= Judith Wills =

Judith Wills (born 1949) is a British author, food and health journalist, magazine editor and columnist. She was born in Oxfordshire, the youngest child of a telephone salesman and an ex-primary schoolteacher, and was educated at the Oxford College of Technology (now Oxford Brookes University . She lives on the borders of Herefordshire and Wales.

==Career==
In 1967, at age 17, she moved to London and became a secretary, then a writer, for the UK's pop culture magazine Fabulous at the end of the Swinging Sixties, and spent many years in the London media and show business scene.

Wills was editor of Slimmer magazine for over 10 years and then wrote a weekly food column in The Daily Express. She writes for several websites including Netmums and Saga and for magazines including Saga and Candis.

Her books have been published in 14 languages. The best known book is The Food Bible, which is held by 1400 libraries according to WorldCat

She has also written numerous related diet books, cookbooks, and an autobiography,
Keith Moon Stole My Lipstick, published by UKA Press in 2008 and by The History Press in 2016, and held in 10 libraries according to WorldCat The book has been featured in Women's Weekly and Candis Magazine.

==Bibliography==

===Non-fiction===
- The Food Bible First publish in 1998 by London : Quadrille, ISBN 9781899988976, and New York : Simon & Schuster Editions ISBN 9780684856926 Revised ed.. in 2007. New and completely revised edition published by White Owl in February 2019 in hardback and February 2020 in paperback.
- The Diet Bible
- Feeding Kids Headline.
- The Green Food Bible
- The Garden to Kitchen Expert with Dr D. G. Hessayon, Transworld.
- The Children’s Food Bible
- Take Off 10 Years in 10 Weeks
- Everyday Eating for Babies and Children
- Midlife, New Life London : Quadrille.
- 6 Ways to Lose a Stone in 6 Weeks
- The Omega Diet
- Judith Wills' Slimmer's Cookbook
- Judith Wills' Virtually Vegetarian

Wills' autobiographical story Keith Moon Stole My Lipstick, about her life in her late teens and early twenties working for one of the leading pop magazines of the 60s/70s was first published by UKA Press in 2008 and then in 2016 by The History Press.

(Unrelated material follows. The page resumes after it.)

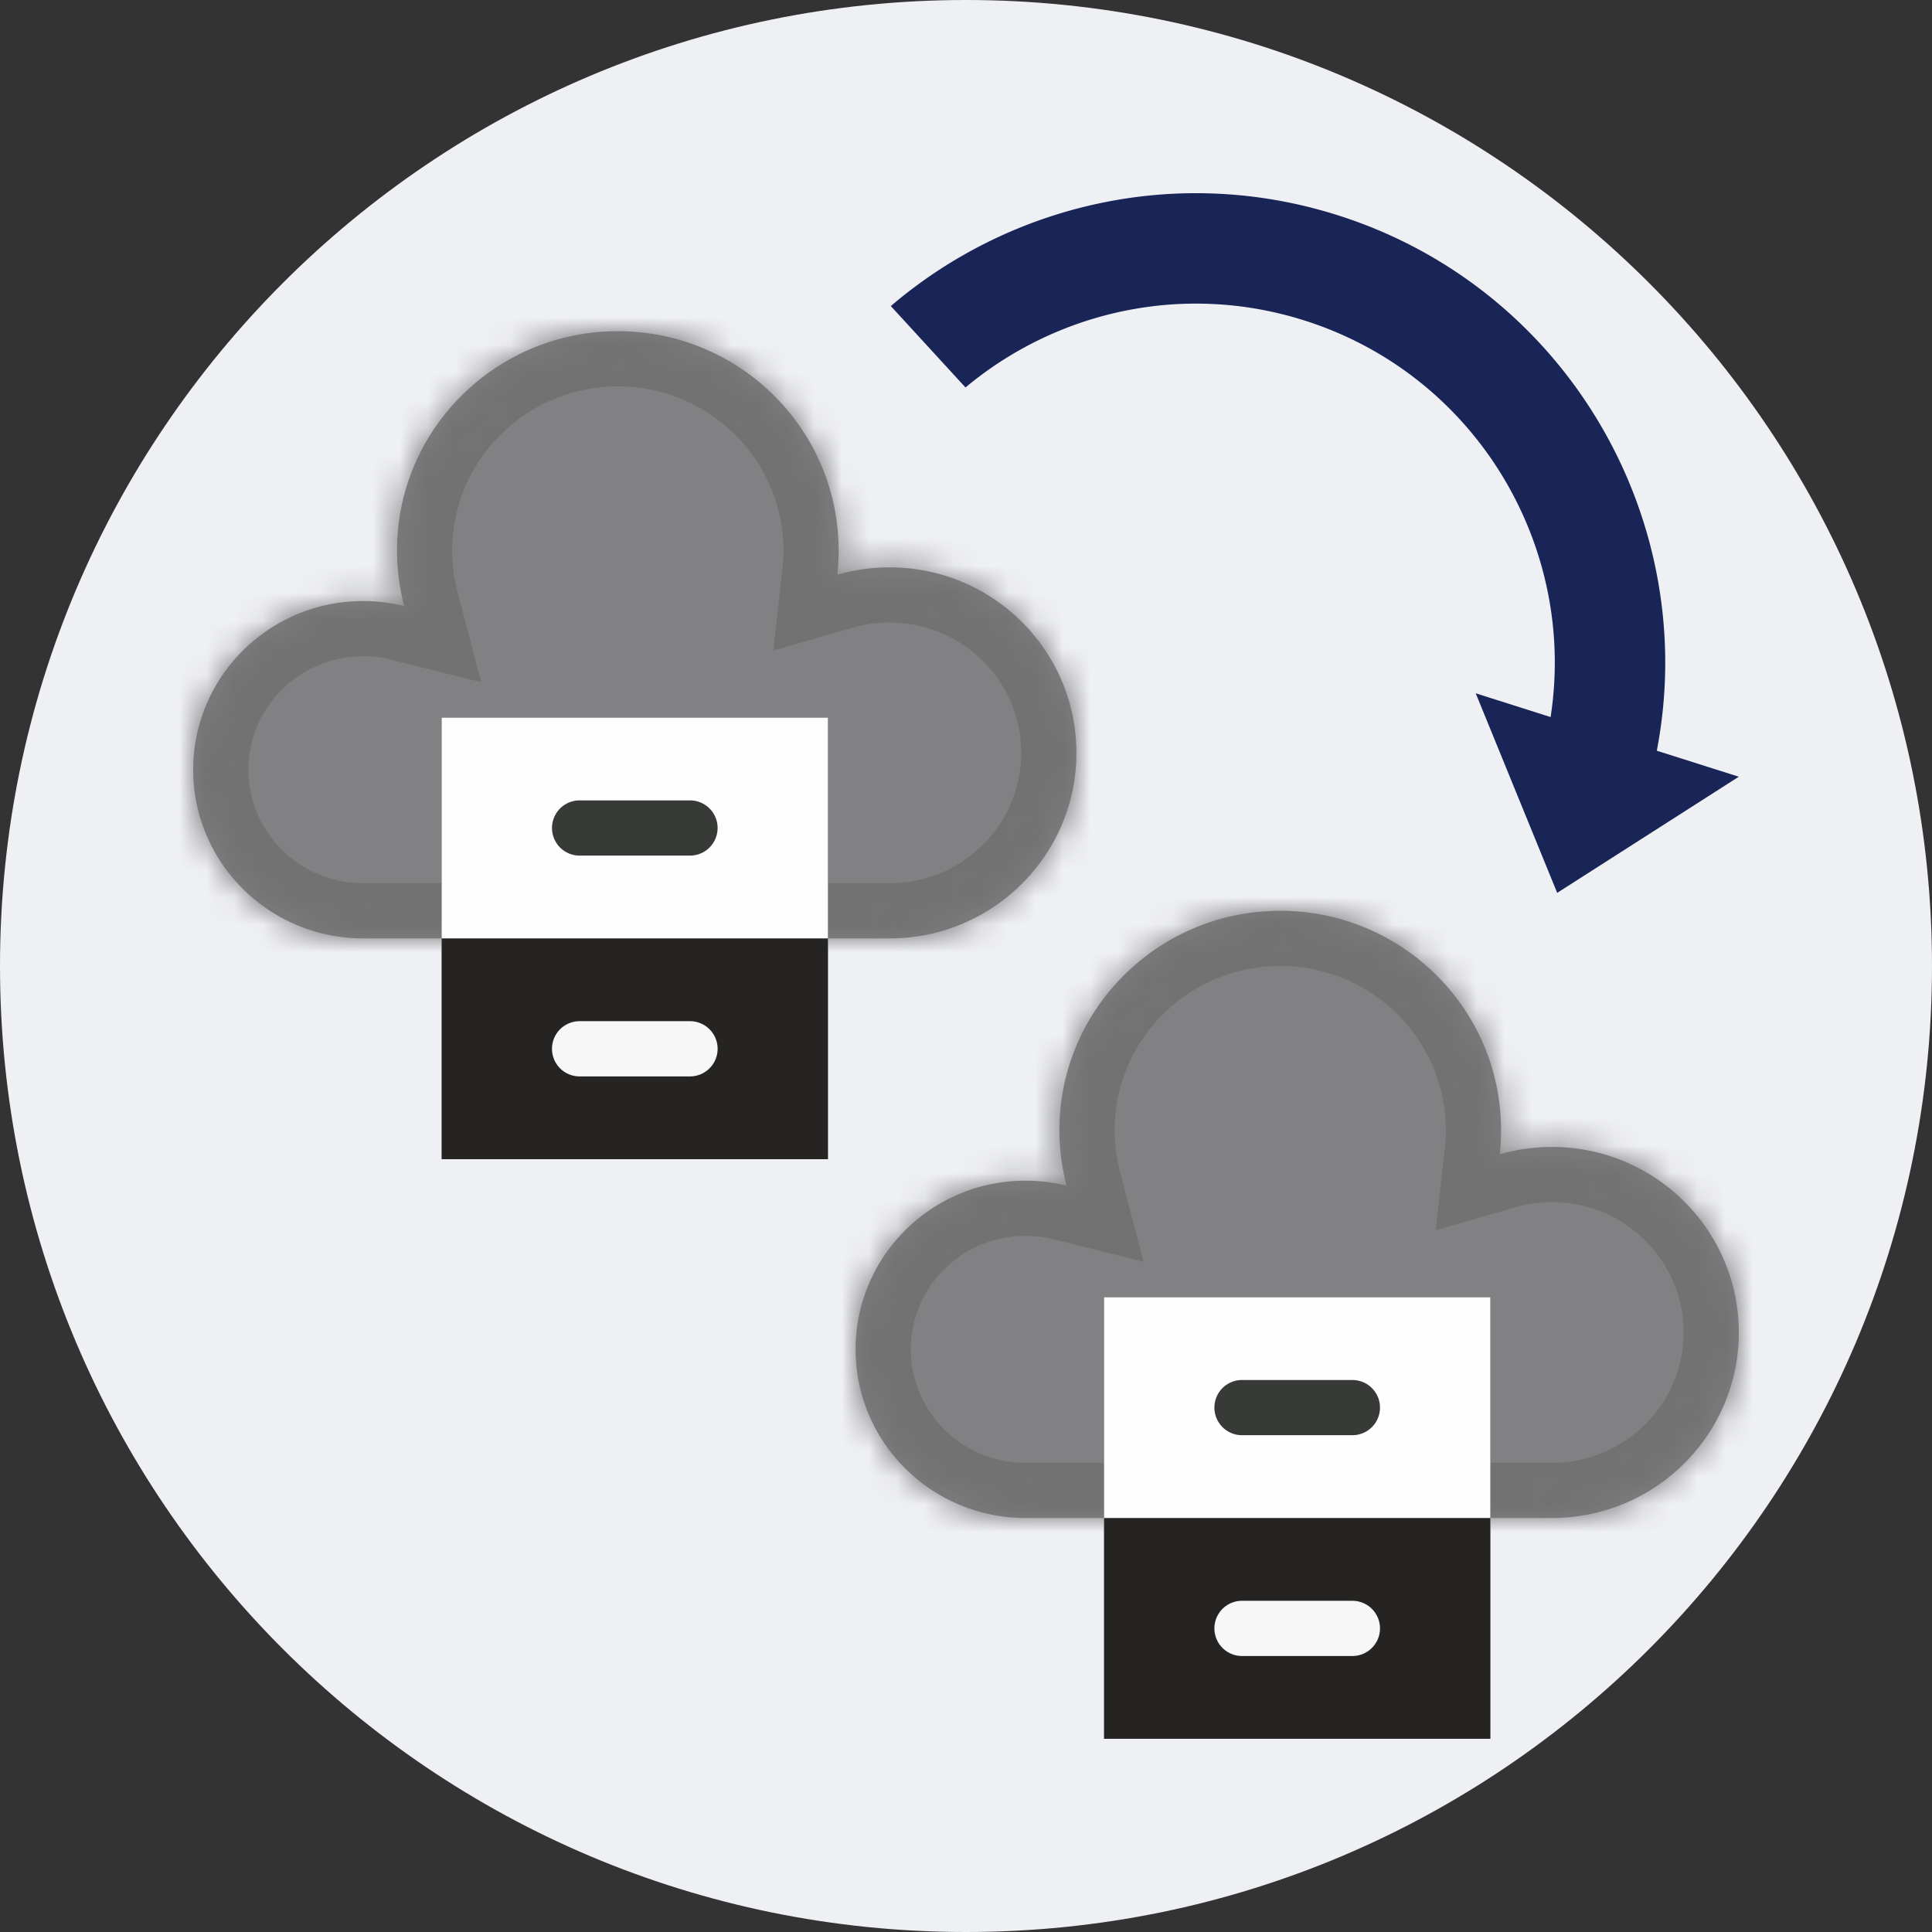 <svg xmlns="http://www.w3.org/2000/svg" fill="none" viewBox="0 0 70 70"><rect x="0" y="0" width="70" height="70" fill="#333333" stroke="none"/><g clip-path="url(#a)"><path d="M70 35C70 15.67 54.33 0 35 0S0 15.67 0 35s15.67 35 35 35 35-15.67 35-35z" fill="#EFF0F4"/><mask id="b" fill="#fff"><path fill-rule="evenodd" clip-rule="evenodd" d="M16 34h-2.846C9.757 34 7 31.262 7 27.889c0-3.373 2.757-6.111 6.154-6.111.514 0 1.013.062 1.49.181a7.93 7.93 0 0 1-.259-2.015c0-4.384 3.584-7.944 8-7.944 4.415 0 8 3.56 8 7.944 0 .297-.017.59-.049.879a6.806 6.806 0 0 1 1.895-.267c3.736 0 6.769 3.012 6.769 6.722C39 30.988 35.967 34 32.231 34H30m10 21h-2.846C33.757 55 31 52.262 31 48.889c0-3.373 2.757-6.111 6.154-6.111.514 0 1.013.062 1.49.181a7.925 7.925 0 0 1-.259-2.015c0-4.384 3.584-7.944 8-7.944 4.415 0 8 3.56 8 7.944 0 .297-.017.59-.049.879a6.806 6.806 0 0 1 1.895-.267c3.736 0 6.769 3.012 6.769 6.722C63 51.988 59.967 55 56.231 55H54"/></mask><path fill-rule="evenodd" clip-rule="evenodd" d="M16 34h-2.846C9.757 34 7 31.262 7 27.889c0-3.373 2.757-6.111 6.154-6.111.514 0 1.013.062 1.49.181a7.93 7.93 0 0 1-.259-2.015c0-4.384 3.584-7.944 8-7.944 4.415 0 8 3.56 8 7.944 0 .297-.017.59-.049.879a6.806 6.806 0 0 1 1.895-.267c3.736 0 6.769 3.012 6.769 6.722C39 30.988 35.967 34 32.231 34H30m10 21h-2.846C33.757 55 31 52.262 31 48.889c0-3.373 2.757-6.111 6.154-6.111.514 0 1.013.062 1.49.181a7.925 7.925 0 0 1-.259-2.015c0-4.384 3.584-7.944 8-7.944 4.415 0 8 3.56 8 7.944 0 .297-.017.59-.049.879a6.806 6.806 0 0 1 1.895-.267c3.736 0 6.769 3.012 6.769 6.722C63 51.988 59.967 55 56.231 55H54" fill="#818183"/><path d="m14.644 21.959-.484 1.94 3.274.817-.855-3.264-1.935.507zm-.259-2.015 2 .001v-.001h-2zm15.951.879-1.988-.22-.329 2.97 2.872-.829-.555-1.921zm1.895-.267-.002 2h.002v-2zm6.413 22.403-.484 1.94 3.274.817-.855-3.264-1.935.507zm-.259-2.015 2 .001v-.001h-2zm15.951.879-1.988-.22-.329 2.97 2.872-.828-.555-1.922zm1.895-.267-.002 2h.002v-2zM16 32h-2.846v4H16v-4zm-2.846 0C10.848 32 9 30.144 9 27.889H5C5 32.379 8.666 36 13.154 36v-4zM9 27.889c0-2.255 1.848-4.111 4.154-4.111v-4C8.666 19.778 5 23.398 5 27.889h4zm4.154-4.111c.353 0 .689.043 1.006.122l.968-3.881a8.144 8.144 0 0 0-1.974-.241v4zm3.425-2.326a5.924 5.924 0 0 1-.194-1.507l-4-.002c0 .851.108 1.7.324 2.523l3.87-1.014zm-.194-1.508c0-3.266 2.675-5.944 6-5.944v-4c-5.508 0-10 4.442-10 9.944h4zm6-5.944c3.324 0 6 2.678 6 5.944h4c0-5.502-4.494-9.944-10-9.944v4zm6 5.944c0 .22-.013.44-.037.659l3.976.44c.04-.359.061-.726.061-1.099h-4zm2.506 2.8a4.807 4.807 0 0 1 1.338-.188l.004-4c-.83 0-1.655.115-2.452.345l1.11 3.843zm1.34-.188c2.645 0 4.769 2.13 4.769 4.722h4c0-4.828-3.942-8.722-8.769-8.722v4zM37 27.278C37 29.87 34.876 32 32.231 32v4C37.058 36 41 32.106 41 27.278h-4zM32.231 32H30v4h2.231v-4zM40 53h-2.846v4H40v-4zm-2.846 0C34.848 53 33 51.144 33 48.889h-4C29 53.379 32.666 57 37.154 57v-4zM33 48.889c0-2.255 1.848-4.111 4.154-4.111v-4c-4.488 0-8.154 3.62-8.154 8.111h4zm4.154-4.111c.353 0 .689.043 1.006.122l.968-3.881a8.144 8.144 0 0 0-1.974-.241v4zm3.425-2.326a5.924 5.924 0 0 1-.194-1.507l-4-.002c0 .851.108 1.7.324 2.523l3.87-1.014zm-.194-1.508c0-3.266 2.675-5.944 6-5.944v-4c-5.508 0-10 4.442-10 9.944h4zm6-5.944c3.324 0 6 2.678 6 5.944h4c0-5.502-4.494-9.944-10-9.944v4zm6 5.944c0 .22-.013.44-.037.659l3.976.44c.04-.359.061-.725.061-1.099h-4zm2.506 2.8a4.808 4.808 0 0 1 1.338-.188l.004-4c-.83 0-1.655.115-2.452.346l1.11 3.843zm1.34-.188c2.645 0 4.769 2.13 4.769 4.722h4c0-4.828-3.942-8.722-8.769-8.722v4zM61 48.278C61 50.87 58.876 53 56.231 53v4C61.058 57 65 53.106 65 48.278h-4zM56.231 53H54v4h2.231v-4z" fill="#727273" mask="url(#b)"/><path fill-rule="evenodd" clip-rule="evenodd" d="M16 26h14v16H16V26zm24 21h14v16H40V47z" fill="#252423"/><path fill-rule="evenodd" clip-rule="evenodd" d="M16 26h14v8H16v-8zm24 21h14v8H40v-8z" fill="#FEFEFE"/><path fill-rule="evenodd" clip-rule="evenodd" d="M21 31a1 1 0 0 1 0-2h4a1 1 0 0 1 0 2h-4z" fill="#F6F7F6"/><path fill-rule="evenodd" clip-rule="evenodd" d="M21 31a1 1 0 0 1 0-2h4a1 1 0 0 1 0 2h-4zm24 21a1 1 0 0 1 0-2h4a1 1 0 0 1 0 2h-4zM21 39a1 1 0 0 1 0-2h4a1 1 0 0 1 0 2h-4z" fill="#373A37"/><path fill-rule="evenodd" clip-rule="evenodd" d="M21 39a1 1 0 0 1 0-2h4a1 1 0 0 1 0 2h-4zM45 60a1 1 0 0 1 0-2h4a1 1 0 0 1 0 2h-4z" fill="#F6F7F6"/><path fill-rule="evenodd" clip-rule="evenodd" d="m63 28.142-6.58 4.208-2.952-7.231 2.713.861c.276-1.78.176-3.599-.293-5.338-1.113-4.138-4.244-7.641-8.628-9.031-4.393-1.393-8.983-.326-12.278 2.428l-2.706-2.95c4.318-3.687 10.387-5.132 16.193-3.291 6.566 2.082 10.984 7.79 11.747 14.216a16.846 16.846 0 0 1-.187 5.186l2.971.942z" fill="#192457"/></g><defs><clipPath id="a"><path fill="#fff" d="M0 0h70v70H0z"/></clipPath></defs></svg>

Her books have been serialized in many UK national newspapers, including The Sunday Times, The Mail on Sunday and The Daily Mail.

===Magazines and Newspapers===
Wills has written for many national magazines and newspapers, including The Times, The Daily Mail, The Mirror, Daily Express, Good Housekeeping, Woman’s Weekly, Zest, Slimming, Marie Claire, Saga Magazine and Waitrose Food Illustrated. She has a regular blog on the Saga organisation website.

===Radio and TV===

Wills has starred in three Top 10 videos adapted from her books and has made many TV appearances and over 500 radio broadcasts.